*INSTRUCTIONS FOR THE TASK*
In the records below, find the line containing "#16359=EDGE_CURVE('',#13433,#13432,#4751,.T.);"; restate it and every later line word for word, through the last.

[Start of section]

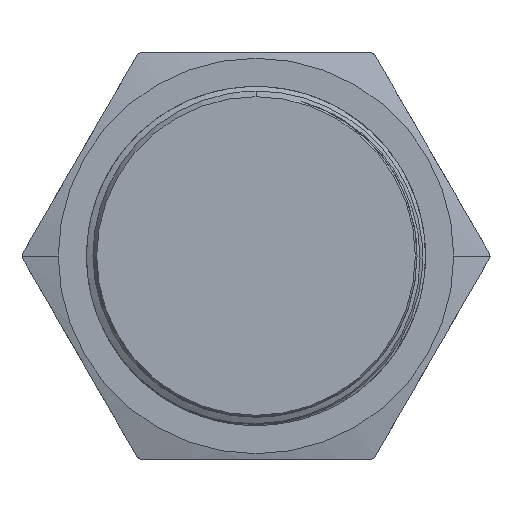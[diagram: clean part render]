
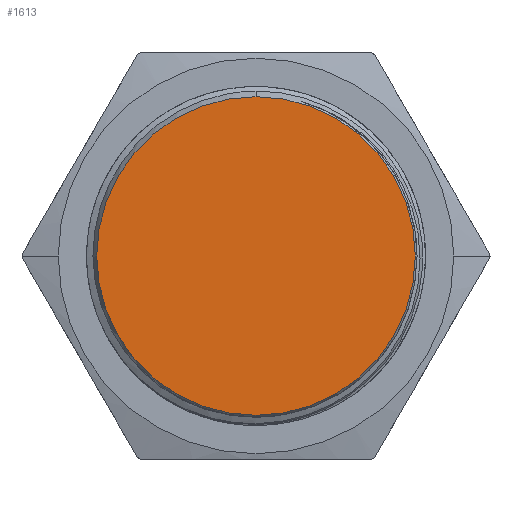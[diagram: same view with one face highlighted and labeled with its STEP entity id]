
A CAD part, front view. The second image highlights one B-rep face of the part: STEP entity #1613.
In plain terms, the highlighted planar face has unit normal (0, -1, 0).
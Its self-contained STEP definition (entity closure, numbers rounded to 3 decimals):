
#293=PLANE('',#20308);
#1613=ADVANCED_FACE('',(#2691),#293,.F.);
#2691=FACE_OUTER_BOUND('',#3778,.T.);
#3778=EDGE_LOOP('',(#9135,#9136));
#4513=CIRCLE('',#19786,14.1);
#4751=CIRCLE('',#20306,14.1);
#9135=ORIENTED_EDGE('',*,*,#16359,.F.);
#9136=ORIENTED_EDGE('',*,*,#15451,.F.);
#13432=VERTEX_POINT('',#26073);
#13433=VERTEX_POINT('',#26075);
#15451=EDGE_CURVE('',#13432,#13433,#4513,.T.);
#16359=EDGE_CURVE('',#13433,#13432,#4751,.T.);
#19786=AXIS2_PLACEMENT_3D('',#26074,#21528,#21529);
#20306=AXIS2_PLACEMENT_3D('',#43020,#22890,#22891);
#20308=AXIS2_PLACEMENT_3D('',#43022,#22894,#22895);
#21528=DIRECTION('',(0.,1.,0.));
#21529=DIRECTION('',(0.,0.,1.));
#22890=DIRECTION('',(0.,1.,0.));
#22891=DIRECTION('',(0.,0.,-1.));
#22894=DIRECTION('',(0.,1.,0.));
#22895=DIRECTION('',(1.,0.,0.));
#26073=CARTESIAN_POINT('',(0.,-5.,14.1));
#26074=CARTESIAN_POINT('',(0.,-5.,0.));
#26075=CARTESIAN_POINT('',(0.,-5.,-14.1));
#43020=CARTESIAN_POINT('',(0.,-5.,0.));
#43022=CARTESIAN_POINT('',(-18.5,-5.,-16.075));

[End of section]

*ANSWER*
#16359=EDGE_CURVE('',#13433,#13432,#4751,.T.);
#19786=AXIS2_PLACEMENT_3D('',#26074,#21528,#21529);
#20306=AXIS2_PLACEMENT_3D('',#43020,#22890,#22891);
#20308=AXIS2_PLACEMENT_3D('',#43022,#22894,#22895);
#21528=DIRECTION('',(0.,1.,0.));
#21529=DIRECTION('',(0.,0.,1.));
#22890=DIRECTION('',(0.,1.,0.));
#22891=DIRECTION('',(0.,0.,-1.));
#22894=DIRECTION('',(0.,1.,0.));
#22895=DIRECTION('',(1.,0.,0.));
#26073=CARTESIAN_POINT('',(0.,-5.,14.1));
#26074=CARTESIAN_POINT('',(0.,-5.,0.));
#26075=CARTESIAN_POINT('',(0.,-5.,-14.1));
#43020=CARTESIAN_POINT('',(0.,-5.,0.));
#43022=CARTESIAN_POINT('',(-18.5,-5.,-16.075));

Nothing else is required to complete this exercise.